Material to process.
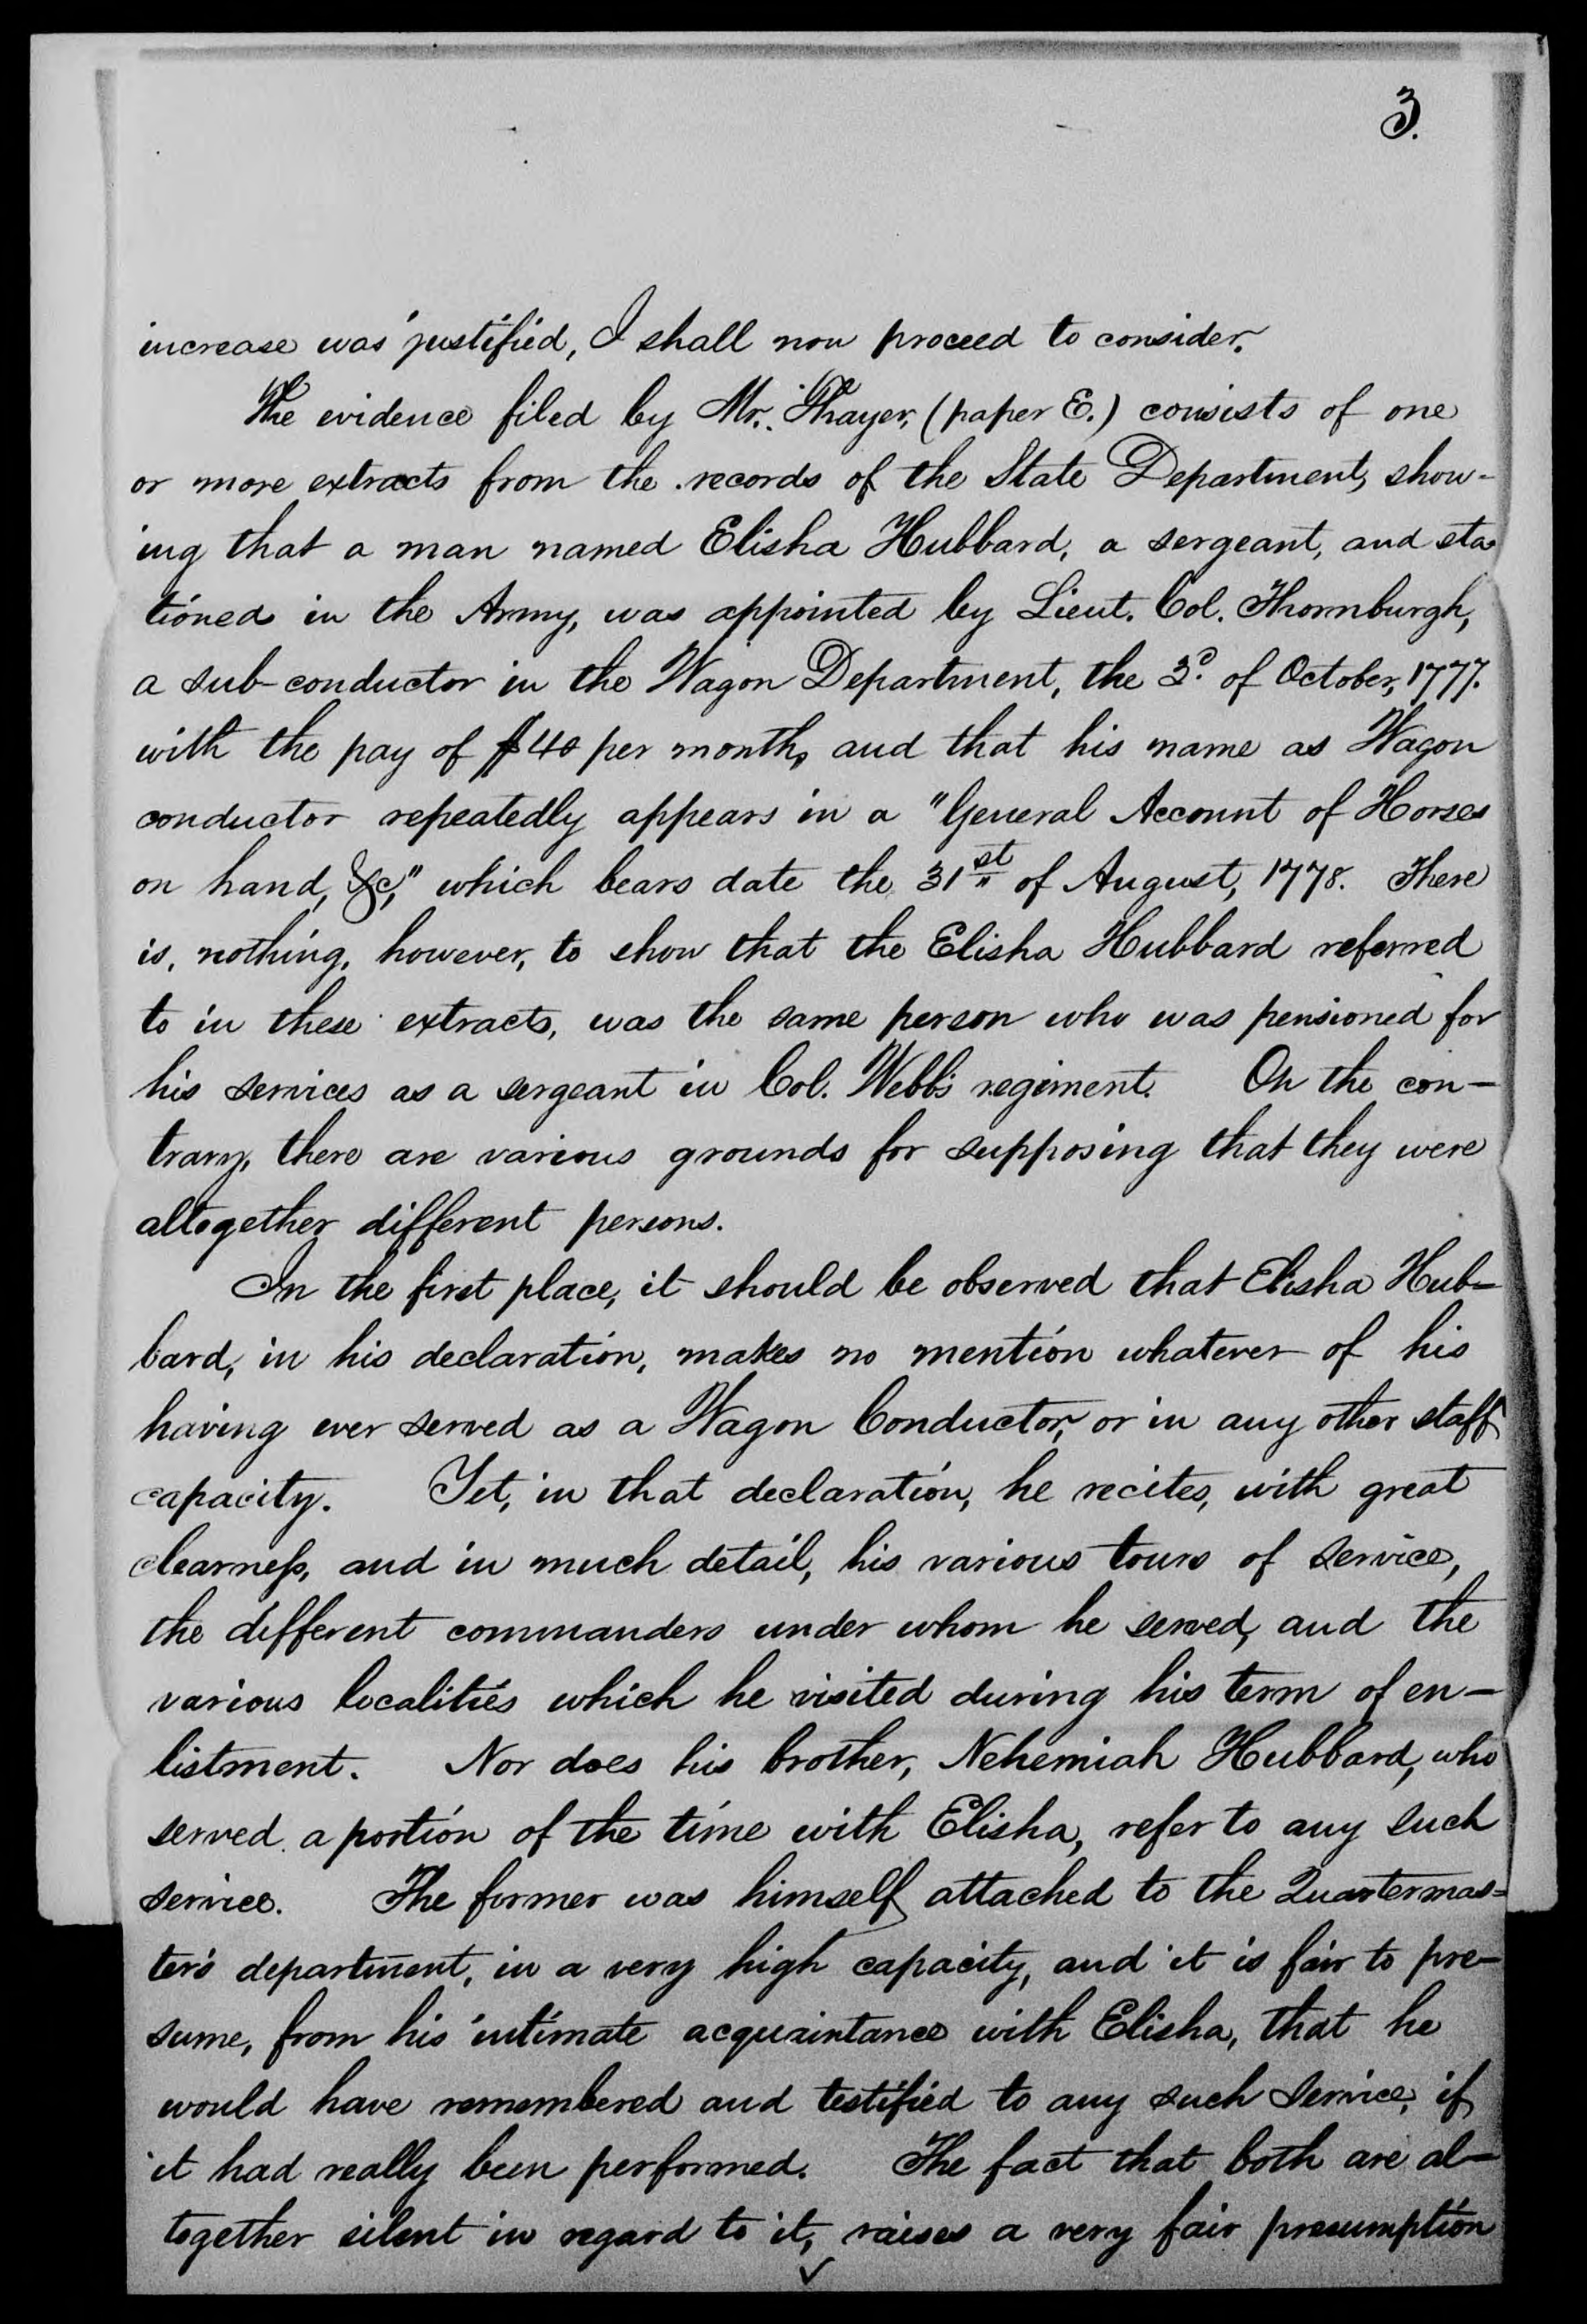increase was justified, I shall now proceed to consider.

The evidence filed by Mr. Thayer, (paper E.) consists of one or more extracts from the records of the State Department, showing that a man named Elisha Hubbard, a sergeant, and stationed in the Army, was appointed by Lieut. Col. Thornburgh, a sub conductor in the Wagon Department, the 2nd of October, 1777. with the pay of $ 40 per month, and that his name as Wagon conductor repeatedly appears in a "General Acount of Horses on hand, etc, " which bears date the 31st of August, 1778.  There is, nothing, however, to show that the Elisha Hubbard referred to in these extracts, was the same person who was pensioned for his services as a sergeant in Col. Webb's regiment.  On the contrary, there are various grounds for supposing that they were altogether different persons.

In the first place, it should be observed that Elisha Hubbard, in his declaration , makes no mention whatever of his having ever served as a Wagon Conductor or in any other staff capacity.  Yet, in that declaration, he recites, with great clearness, and in much detail, his various tours of service, the different commanders under whom he served, and the various localities which he visited during his term of enlistment.  Nor does his brother, Nehemiah Hubbard, who served a portion of the time with Elisha refer to any such service.  The former was himself attached to the Quartermasters's department, in a very high capacity, and it is fair to presume, from his intimate acquaintance with Elisha, that he would have remembered and testified to any such service if it had really been performed.  The fact that both are altogether silent in regard to it

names: Elisha Hubbard, Thayer, Nehemiah Hubbard, Thornburgh
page: 50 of 63
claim: survivor's
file: S. 18457, Elisha Hubbard, Conn. Continental
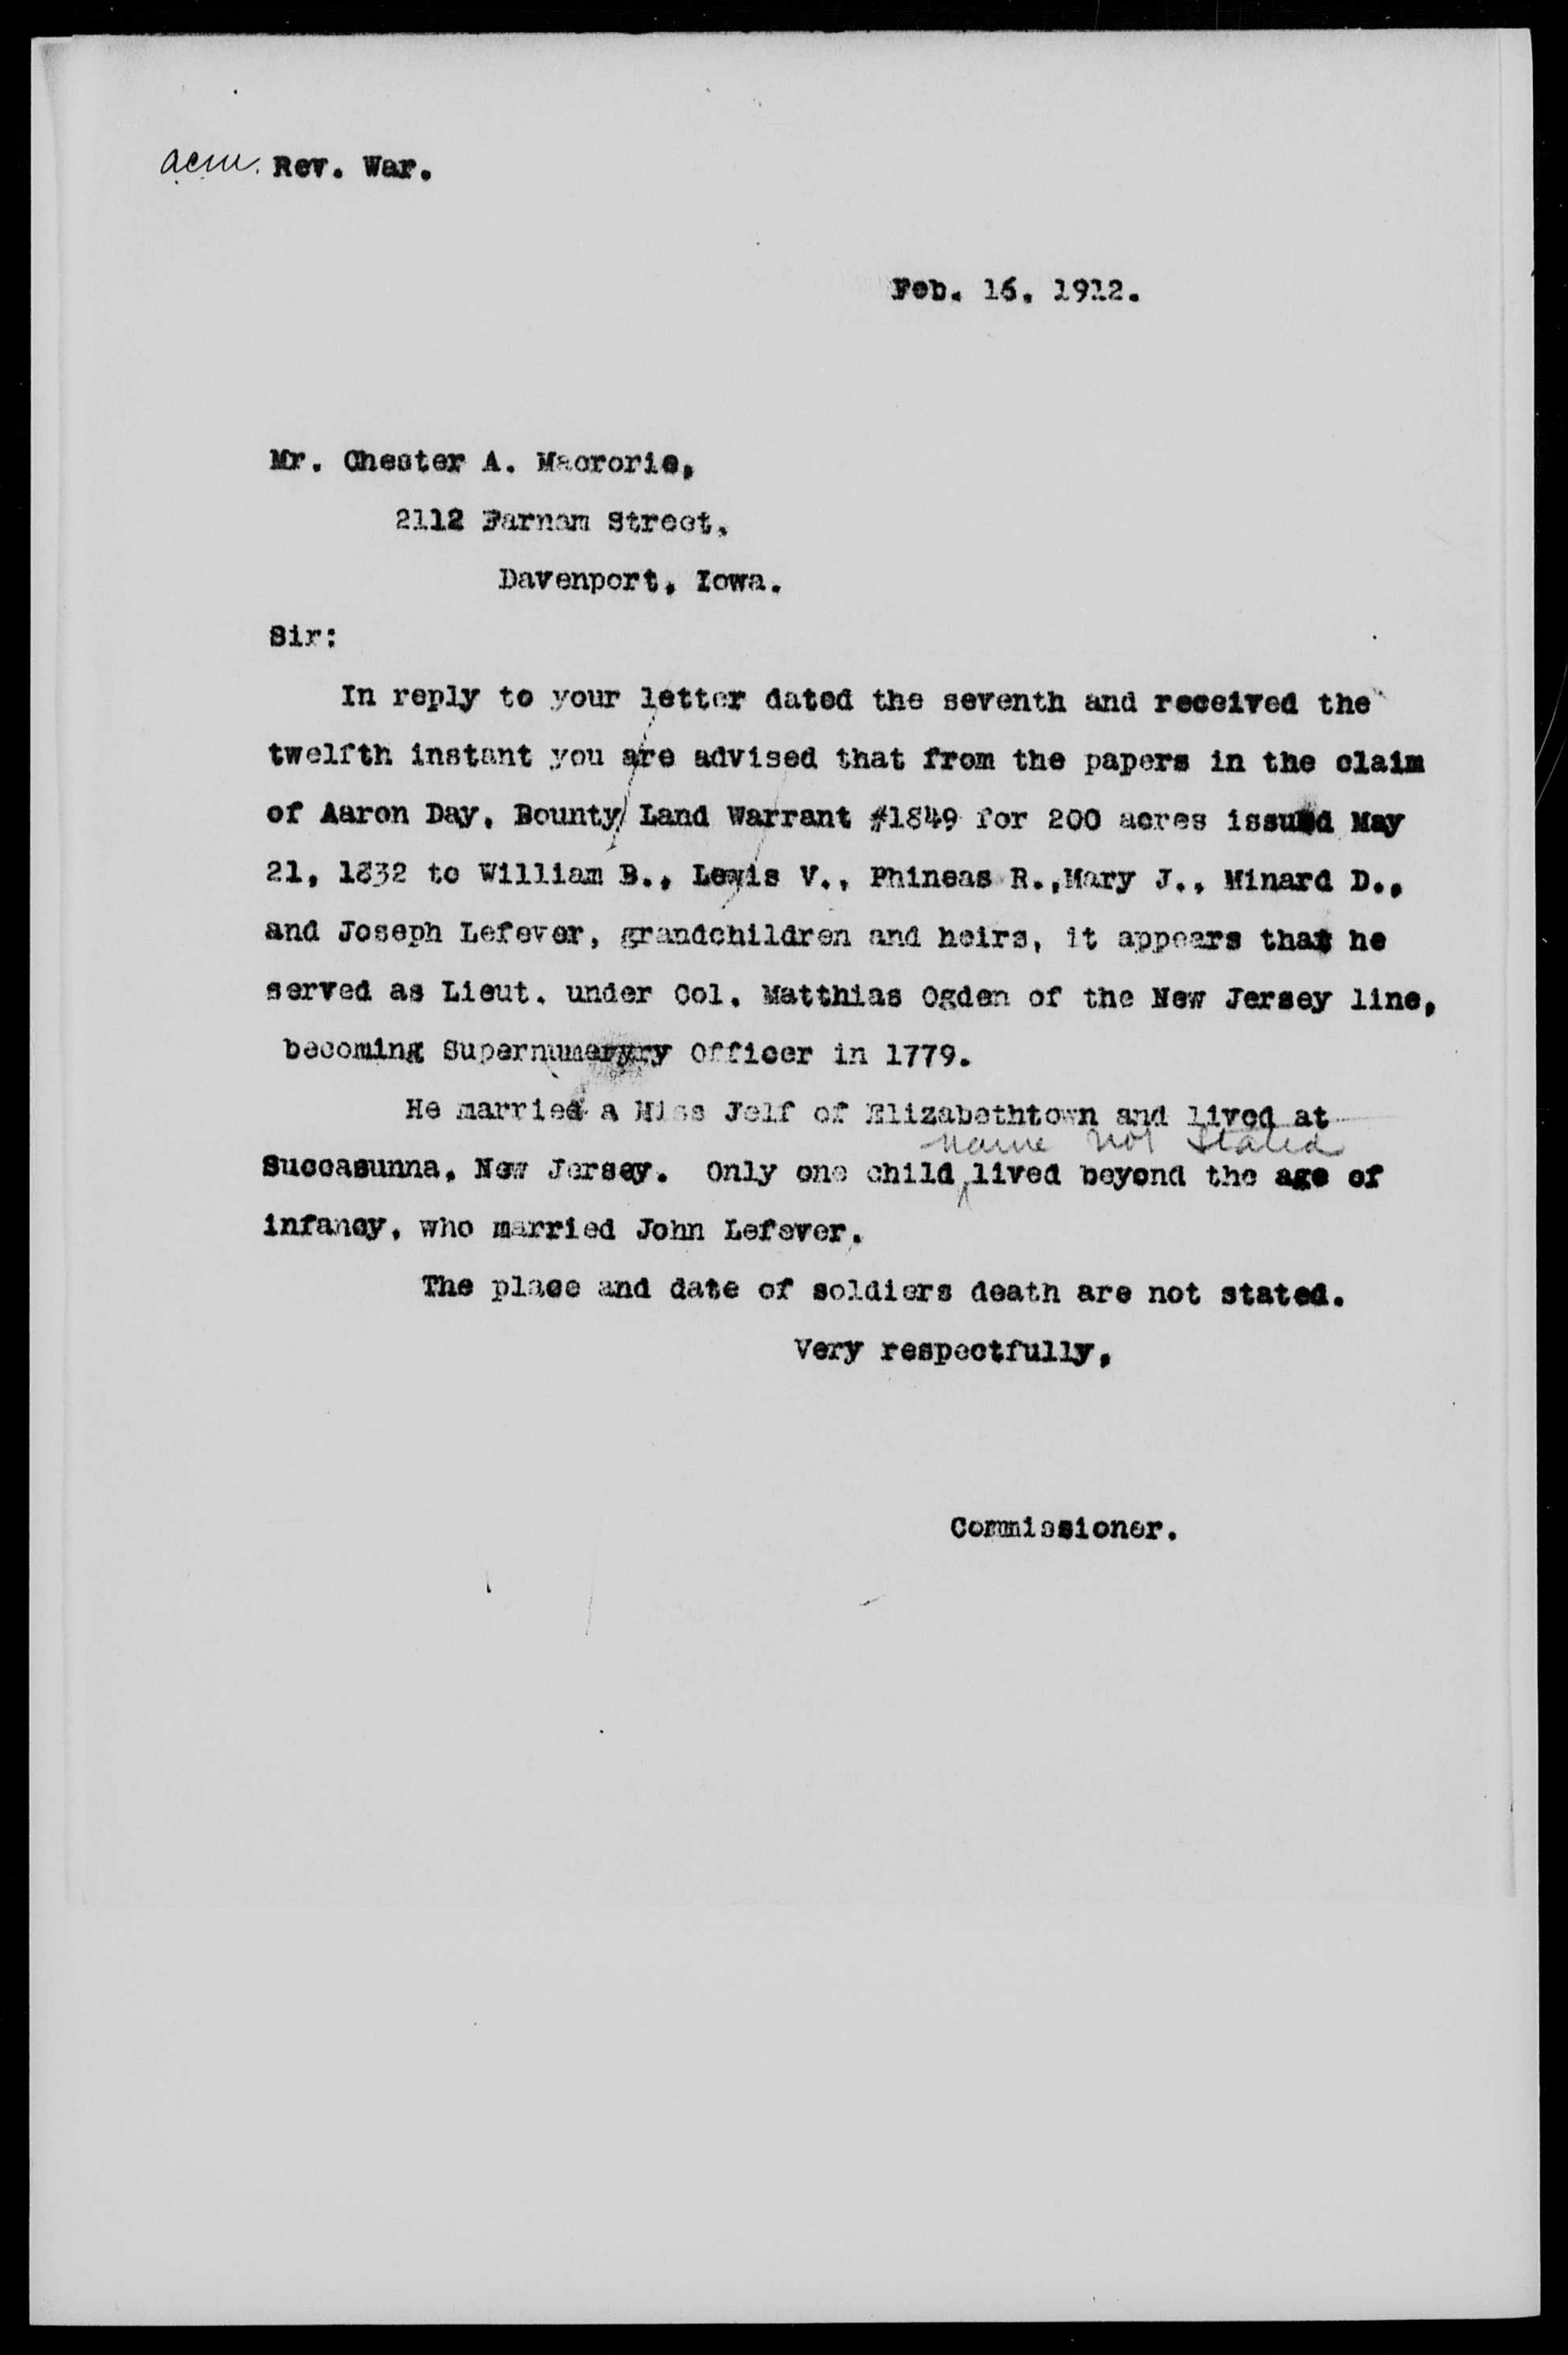acw [handwritten initials] Rev. War.
Feb. 16, 1912.
Mr. Chester A. Macrorie, 2112 Farnam Street, Davenport, Iowa.
Sir:  In reply to your letter dated the seventh and received the twelfth instant you are advised that from the papers in the claim of Aaron Day, Bounty Land Warrant #1849 for 200 acres issued May 21, 1832 to William B., Lewis V., Phineas R., Mary J., Minard D., and Joseph Lefever, grandchildren and heirs, it appears that he served as Lieut. under Col. Matthias Ogden of the New Jersey line, becoming Supernumerary Officer in 1779. 
He married a Miss Jelf of Elizabethtown and lived at Succasunna, New Jersey.  Only one child ["named not stated" inserted by hand] lived beyond the age of infancy, who married John Lefever.
The place and date of soldiers death are not stated.
Very respectfully,
Commissioner.

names: Mary J Lefever, John Lefever, William B Lefever, Chester A Macrorie, Joseph Lefever, Lewis V Lefever, Minard D Lefever, Jelf, Aaron Day, Phineas R Lefever, Matthias Ogden
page: 9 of 15
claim: bounty land warrant
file: B. L. Wt. 1849-200, Aaron Day, New Jersey

Assigned task.
For this answer, return word for word the lines from the first line of the records through the line containing "Mr. Chester A.". Omit the pictures.

Answer to the problem.
increase was justified, I shall now proceed to consider.

The evidence filed by Mr. Thayer, (paper E.) consists of one or more extracts from the records of the State Department, showing that a man named Elisha Hubbard, a sergeant, and stationed in the Army, was appointed by Lieut. Col. Thornburgh, a sub conductor in the Wagon Department, the 2nd of October, 1777. with the pay of $ 40 per month, and that his name as Wagon conductor repeatedly appears in a "General Acount of Horses on hand, etc, " which bears date the 31st of August, 1778.  There is, nothing, however, to show that the Elisha Hubbard referred to in these extracts, was the same person who was pensioned for his services as a sergeant in Col. Webb's regiment.  On the contrary, there are various grounds for supposing that they were altogether different persons.

In the first place, it should be observed that Elisha Hubbard, in his declaration , makes no mention whatever of his having ever served as a Wagon Conductor or in any other staff capacity.  Yet, in that declaration, he recites, with great clearness, and in much detail, his various tours of service, the different commanders under whom he served, and the various localities which he visited during his term of enlistment.  Nor does his brother, Nehemiah Hubbard, who served a portion of the time with Elisha refer to any such service.  The former was himself attached to the Quartermasters's department, in a very high capacity, and it is fair to presume, from his intimate acquaintance with Elisha, that he would have remembered and testified to any such service if it had really been performed.  The fact that both are altogether silent in regard to it

names: Elisha Hubbard, Thayer, Nehemiah Hubbard, Thornburgh
page: 50 of 63
claim: survivor's
file: S. 18457, Elisha Hubbard, Conn. Continental
acw [handwritten initials] Rev. War.
Feb. 16, 1912.
Mr. Chester A. Macrorie, 2112 Farnam Street, Davenport, Iowa.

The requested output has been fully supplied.